Catégories: Europe Centrale et de l'Est, Russie, Catastrophe naturelle/attentat, Cyber-activisme, Dernière Heure, Manifestations, Médias citoyens, Politique, Technologie, COVID-19, RuNet Echo
Des embouteillages virtuels dans les rues de Rostov-sur-le-Don sur l'appli Yandex

Une « manifestation virtuelle » à Rostov-sur-le-Don, en Russie, le 20 avril 2020. Captures d'écran via Yandex.Navigator / Facebook.

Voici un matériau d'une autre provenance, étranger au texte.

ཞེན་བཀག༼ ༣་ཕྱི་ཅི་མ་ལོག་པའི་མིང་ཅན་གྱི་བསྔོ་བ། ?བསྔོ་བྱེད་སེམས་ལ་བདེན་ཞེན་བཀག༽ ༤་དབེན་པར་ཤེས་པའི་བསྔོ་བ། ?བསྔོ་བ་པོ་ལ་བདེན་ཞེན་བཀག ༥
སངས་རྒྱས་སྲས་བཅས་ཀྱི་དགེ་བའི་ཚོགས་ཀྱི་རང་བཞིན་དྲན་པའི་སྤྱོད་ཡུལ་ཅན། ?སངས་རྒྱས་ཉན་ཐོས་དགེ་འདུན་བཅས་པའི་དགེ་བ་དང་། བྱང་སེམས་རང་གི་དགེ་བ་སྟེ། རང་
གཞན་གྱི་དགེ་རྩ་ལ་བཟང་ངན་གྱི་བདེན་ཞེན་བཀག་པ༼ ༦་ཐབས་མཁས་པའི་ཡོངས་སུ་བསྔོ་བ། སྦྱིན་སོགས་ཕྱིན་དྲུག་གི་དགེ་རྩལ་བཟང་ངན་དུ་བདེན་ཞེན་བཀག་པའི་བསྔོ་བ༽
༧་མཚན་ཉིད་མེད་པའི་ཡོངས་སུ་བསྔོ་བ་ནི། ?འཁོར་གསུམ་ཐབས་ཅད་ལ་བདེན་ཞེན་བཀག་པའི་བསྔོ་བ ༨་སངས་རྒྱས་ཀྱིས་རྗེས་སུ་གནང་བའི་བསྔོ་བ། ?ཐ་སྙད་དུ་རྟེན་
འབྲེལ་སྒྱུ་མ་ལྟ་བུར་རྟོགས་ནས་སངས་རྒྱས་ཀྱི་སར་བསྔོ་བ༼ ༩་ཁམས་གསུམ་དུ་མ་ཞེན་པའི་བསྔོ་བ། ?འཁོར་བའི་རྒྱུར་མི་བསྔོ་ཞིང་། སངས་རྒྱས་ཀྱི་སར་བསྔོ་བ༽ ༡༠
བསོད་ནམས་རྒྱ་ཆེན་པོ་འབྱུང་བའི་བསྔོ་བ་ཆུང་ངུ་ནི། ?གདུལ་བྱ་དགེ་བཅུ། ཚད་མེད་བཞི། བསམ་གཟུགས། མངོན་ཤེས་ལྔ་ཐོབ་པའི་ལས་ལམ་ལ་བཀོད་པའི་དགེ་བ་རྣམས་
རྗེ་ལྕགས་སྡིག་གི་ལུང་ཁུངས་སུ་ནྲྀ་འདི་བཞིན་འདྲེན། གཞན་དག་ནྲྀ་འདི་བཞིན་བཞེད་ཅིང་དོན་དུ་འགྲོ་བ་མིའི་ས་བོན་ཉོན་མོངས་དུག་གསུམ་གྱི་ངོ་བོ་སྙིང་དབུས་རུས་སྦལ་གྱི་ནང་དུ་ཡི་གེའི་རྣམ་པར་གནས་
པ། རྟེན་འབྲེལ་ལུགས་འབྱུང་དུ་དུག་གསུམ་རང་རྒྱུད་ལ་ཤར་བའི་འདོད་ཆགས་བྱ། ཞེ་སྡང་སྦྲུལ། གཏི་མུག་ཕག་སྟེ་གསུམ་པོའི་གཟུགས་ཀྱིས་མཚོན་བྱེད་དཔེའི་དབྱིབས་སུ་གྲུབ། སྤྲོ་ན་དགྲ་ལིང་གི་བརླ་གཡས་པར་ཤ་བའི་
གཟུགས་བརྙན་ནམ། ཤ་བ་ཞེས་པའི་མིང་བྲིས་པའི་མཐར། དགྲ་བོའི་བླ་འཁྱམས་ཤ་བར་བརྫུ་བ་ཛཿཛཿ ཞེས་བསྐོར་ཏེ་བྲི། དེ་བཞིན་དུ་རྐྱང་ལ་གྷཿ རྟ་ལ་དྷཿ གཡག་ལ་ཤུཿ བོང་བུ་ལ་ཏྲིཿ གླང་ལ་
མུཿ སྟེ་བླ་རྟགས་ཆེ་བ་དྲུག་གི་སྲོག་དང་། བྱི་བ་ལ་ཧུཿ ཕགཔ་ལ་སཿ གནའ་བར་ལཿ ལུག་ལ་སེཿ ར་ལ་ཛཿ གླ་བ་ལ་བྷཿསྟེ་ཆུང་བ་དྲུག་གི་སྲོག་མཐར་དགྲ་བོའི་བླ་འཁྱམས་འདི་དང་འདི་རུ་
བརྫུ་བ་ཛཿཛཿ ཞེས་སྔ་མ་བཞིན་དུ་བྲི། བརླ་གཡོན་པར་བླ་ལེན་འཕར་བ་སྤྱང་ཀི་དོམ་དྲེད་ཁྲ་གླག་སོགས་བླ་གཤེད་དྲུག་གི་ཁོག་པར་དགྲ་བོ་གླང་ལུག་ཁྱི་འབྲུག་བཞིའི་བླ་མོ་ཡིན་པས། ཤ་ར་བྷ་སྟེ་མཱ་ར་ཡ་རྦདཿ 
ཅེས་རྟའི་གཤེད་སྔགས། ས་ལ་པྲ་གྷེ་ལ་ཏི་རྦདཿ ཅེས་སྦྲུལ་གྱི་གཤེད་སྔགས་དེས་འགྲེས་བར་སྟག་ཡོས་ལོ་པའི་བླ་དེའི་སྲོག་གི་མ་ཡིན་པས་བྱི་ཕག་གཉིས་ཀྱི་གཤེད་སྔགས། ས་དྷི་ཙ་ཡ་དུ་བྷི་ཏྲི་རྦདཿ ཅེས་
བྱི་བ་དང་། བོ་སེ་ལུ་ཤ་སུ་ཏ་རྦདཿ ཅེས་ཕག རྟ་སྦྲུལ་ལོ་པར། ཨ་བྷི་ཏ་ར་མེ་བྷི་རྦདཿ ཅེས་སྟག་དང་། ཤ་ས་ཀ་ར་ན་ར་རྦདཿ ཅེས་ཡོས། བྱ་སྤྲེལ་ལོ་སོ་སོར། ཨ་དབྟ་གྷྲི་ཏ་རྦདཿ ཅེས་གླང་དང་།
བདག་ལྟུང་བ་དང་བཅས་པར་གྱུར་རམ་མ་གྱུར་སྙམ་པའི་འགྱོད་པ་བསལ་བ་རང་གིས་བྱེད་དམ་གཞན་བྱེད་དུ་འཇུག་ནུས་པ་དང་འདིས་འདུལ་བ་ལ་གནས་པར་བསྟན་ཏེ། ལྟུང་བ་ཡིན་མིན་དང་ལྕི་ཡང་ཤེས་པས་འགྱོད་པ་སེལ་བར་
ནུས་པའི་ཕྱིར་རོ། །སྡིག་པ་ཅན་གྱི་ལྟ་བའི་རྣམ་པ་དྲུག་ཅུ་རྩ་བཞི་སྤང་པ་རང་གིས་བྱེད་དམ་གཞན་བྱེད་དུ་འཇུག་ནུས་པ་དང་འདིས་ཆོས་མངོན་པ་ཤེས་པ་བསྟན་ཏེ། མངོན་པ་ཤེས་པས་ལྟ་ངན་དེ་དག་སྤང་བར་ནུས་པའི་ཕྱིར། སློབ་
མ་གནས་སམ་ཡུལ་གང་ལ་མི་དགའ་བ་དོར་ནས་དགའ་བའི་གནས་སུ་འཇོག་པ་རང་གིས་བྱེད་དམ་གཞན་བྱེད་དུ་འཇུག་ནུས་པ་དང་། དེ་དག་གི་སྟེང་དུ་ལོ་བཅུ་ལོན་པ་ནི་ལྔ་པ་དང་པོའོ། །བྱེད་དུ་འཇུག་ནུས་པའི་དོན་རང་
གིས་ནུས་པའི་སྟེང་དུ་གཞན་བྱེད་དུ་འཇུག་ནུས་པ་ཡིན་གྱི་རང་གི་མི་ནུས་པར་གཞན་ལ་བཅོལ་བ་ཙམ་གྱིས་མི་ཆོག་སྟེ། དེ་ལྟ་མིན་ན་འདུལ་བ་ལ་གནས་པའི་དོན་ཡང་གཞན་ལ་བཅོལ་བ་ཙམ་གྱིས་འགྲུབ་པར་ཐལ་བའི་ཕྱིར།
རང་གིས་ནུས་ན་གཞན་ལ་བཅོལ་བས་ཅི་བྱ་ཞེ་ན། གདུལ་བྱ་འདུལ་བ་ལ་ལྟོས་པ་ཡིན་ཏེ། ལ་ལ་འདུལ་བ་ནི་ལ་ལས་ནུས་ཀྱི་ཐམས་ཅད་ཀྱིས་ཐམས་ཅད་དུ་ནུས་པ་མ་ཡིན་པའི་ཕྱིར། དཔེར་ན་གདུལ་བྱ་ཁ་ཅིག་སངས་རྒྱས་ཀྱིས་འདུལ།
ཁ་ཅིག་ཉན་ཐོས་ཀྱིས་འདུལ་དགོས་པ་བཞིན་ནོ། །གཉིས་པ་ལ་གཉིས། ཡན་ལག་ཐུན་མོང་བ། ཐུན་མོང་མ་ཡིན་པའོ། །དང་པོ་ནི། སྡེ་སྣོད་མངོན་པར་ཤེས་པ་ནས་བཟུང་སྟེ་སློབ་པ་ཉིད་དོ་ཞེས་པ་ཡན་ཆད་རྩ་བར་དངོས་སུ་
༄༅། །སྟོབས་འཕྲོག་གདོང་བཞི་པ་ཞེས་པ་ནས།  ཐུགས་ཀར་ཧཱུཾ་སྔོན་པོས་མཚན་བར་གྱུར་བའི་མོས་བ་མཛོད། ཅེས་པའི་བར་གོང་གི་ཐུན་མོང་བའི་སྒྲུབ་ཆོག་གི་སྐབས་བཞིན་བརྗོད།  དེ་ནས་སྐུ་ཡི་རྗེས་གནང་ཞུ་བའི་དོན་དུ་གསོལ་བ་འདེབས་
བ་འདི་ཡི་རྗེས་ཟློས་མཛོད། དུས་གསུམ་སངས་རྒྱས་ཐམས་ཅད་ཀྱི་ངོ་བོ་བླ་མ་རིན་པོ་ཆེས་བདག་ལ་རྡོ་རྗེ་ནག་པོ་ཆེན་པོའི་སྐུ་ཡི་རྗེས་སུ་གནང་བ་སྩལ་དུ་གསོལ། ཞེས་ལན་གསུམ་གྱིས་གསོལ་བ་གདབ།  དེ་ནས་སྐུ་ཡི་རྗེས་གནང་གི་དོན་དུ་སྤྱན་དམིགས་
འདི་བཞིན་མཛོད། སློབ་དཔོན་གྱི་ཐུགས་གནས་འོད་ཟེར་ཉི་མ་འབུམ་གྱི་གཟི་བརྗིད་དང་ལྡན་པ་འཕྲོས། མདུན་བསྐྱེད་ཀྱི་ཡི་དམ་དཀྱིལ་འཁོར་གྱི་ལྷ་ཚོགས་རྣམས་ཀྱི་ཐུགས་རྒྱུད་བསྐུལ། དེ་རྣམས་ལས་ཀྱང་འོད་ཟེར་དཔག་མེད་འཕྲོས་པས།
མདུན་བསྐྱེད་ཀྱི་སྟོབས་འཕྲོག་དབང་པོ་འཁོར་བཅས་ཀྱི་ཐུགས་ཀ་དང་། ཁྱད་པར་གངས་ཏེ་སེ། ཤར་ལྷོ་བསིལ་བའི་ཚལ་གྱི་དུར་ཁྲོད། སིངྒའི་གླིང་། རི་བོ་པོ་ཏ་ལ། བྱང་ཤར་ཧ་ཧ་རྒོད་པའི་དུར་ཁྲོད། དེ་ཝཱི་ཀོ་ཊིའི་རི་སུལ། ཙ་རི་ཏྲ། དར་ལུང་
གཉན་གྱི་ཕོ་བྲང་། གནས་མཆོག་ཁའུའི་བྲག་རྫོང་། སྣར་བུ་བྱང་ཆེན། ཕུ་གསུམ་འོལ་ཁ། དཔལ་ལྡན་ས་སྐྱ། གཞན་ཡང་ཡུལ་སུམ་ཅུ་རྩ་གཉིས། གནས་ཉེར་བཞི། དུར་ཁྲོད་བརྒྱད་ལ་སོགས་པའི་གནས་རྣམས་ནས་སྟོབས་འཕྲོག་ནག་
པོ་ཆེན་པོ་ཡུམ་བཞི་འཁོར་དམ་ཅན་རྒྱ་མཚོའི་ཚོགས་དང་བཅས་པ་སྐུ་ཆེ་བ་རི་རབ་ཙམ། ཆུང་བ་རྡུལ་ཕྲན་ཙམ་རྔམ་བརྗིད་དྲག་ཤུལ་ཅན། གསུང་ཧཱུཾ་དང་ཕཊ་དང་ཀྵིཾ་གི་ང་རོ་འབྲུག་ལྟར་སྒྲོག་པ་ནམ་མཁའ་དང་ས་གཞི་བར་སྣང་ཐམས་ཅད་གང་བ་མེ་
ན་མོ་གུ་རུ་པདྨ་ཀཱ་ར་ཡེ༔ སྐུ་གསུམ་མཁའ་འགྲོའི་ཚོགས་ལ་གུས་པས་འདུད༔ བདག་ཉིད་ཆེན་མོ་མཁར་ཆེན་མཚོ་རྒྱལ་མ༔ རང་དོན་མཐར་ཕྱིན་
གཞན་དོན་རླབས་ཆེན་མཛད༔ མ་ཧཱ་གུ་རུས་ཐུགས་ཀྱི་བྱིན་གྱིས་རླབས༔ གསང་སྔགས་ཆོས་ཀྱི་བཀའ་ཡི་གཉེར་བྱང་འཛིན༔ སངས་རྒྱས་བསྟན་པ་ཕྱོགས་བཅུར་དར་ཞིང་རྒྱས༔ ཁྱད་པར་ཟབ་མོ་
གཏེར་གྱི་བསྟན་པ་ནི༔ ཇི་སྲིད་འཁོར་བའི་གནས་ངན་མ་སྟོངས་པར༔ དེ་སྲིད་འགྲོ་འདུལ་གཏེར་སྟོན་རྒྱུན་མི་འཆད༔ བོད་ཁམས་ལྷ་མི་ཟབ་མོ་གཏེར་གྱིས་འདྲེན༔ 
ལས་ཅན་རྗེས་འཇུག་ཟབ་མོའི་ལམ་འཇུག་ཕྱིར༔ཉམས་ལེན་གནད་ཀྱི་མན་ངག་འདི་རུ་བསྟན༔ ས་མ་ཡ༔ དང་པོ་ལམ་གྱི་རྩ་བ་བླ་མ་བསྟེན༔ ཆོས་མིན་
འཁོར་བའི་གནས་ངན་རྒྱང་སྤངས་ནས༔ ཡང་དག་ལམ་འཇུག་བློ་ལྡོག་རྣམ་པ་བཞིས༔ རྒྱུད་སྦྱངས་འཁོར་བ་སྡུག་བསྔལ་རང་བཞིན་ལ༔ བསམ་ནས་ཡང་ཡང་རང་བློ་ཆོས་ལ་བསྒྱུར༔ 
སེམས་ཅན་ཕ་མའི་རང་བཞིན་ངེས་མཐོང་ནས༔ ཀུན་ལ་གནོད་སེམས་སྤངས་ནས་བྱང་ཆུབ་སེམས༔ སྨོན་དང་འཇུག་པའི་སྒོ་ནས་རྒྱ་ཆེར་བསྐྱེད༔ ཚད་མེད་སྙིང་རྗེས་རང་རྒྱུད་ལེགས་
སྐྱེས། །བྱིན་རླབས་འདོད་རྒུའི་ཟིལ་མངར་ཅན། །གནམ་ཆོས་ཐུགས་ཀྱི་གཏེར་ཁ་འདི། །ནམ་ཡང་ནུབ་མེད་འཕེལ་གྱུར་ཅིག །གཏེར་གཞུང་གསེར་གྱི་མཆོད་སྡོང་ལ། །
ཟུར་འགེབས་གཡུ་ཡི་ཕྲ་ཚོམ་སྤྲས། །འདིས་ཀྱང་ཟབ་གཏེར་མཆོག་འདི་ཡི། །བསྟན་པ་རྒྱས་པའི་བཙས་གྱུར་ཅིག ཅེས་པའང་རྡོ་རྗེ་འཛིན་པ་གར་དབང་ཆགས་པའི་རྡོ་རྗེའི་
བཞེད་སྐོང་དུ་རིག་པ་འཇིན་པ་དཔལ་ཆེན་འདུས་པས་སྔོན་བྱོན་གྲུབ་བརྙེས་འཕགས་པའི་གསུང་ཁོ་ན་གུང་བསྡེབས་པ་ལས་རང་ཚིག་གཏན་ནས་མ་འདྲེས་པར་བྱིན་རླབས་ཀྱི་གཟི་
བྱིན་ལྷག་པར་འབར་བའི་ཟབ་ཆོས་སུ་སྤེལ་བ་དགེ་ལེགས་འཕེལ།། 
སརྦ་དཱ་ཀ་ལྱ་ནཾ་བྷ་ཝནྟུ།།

Usage loyal.

Tout comme de nombreux pays affectés par le COVID-19, la Russie est en confinement strict, et bien que les protestataires n'aient pas le droit descendre dans la rue, ils arrivent malgré tout à organiser des manifestations de masse… virtuellement.

Il y a quelques jours, les habitants de la ville de Rostov-sur-le-Don, dans le sud du pays, se sont rassemblé·e·s devant les locaux du gouvernement local pour protester contre les mesures drastiques de confinement, en vigueur dans la région depuis le début du mois d'avril. Les manifestant·e·s réclament également le versement d'aides sociales pour les personnes ayant perdu leur travail alors que le pays essaie de contenir la pandémie.

Ces « rassemblements » sont organisés grâce à Yandex.Navigator [1] [en], une application mobile exploitée par l'un des plus grands géants du numérique en Russie. Cet outil GPS très populaire permet aux chauffeurs de rendre compte des conditions de circulation en temps réel. Grâce à cette fonctionnalité, les utilisateur·ice·s qui ont des revendications peuvent se géolocaliser dans des lieux politiquement symboliques et écrire des slogans protestataires dans leurs commentaires. Nombreux sont ceux qui sont en colère face aux pertes financières engendrées par le confinement, et qui reprochent au gouvernement son manque de soutien. « On n'a pas un sou pour rembourser les prêts ! On est censés faire quoi ? », peut-on lire dans le commentaire à gauche de l'image ci-dessus. Sur les deux autres, au milieu et à droite, on peut lire : « OK, alors supprimez les impôts, les crédits, etc. », et « Soit vous déclarez l'état d'urgence, soit vous levez les restrictions que vous nous imposez. »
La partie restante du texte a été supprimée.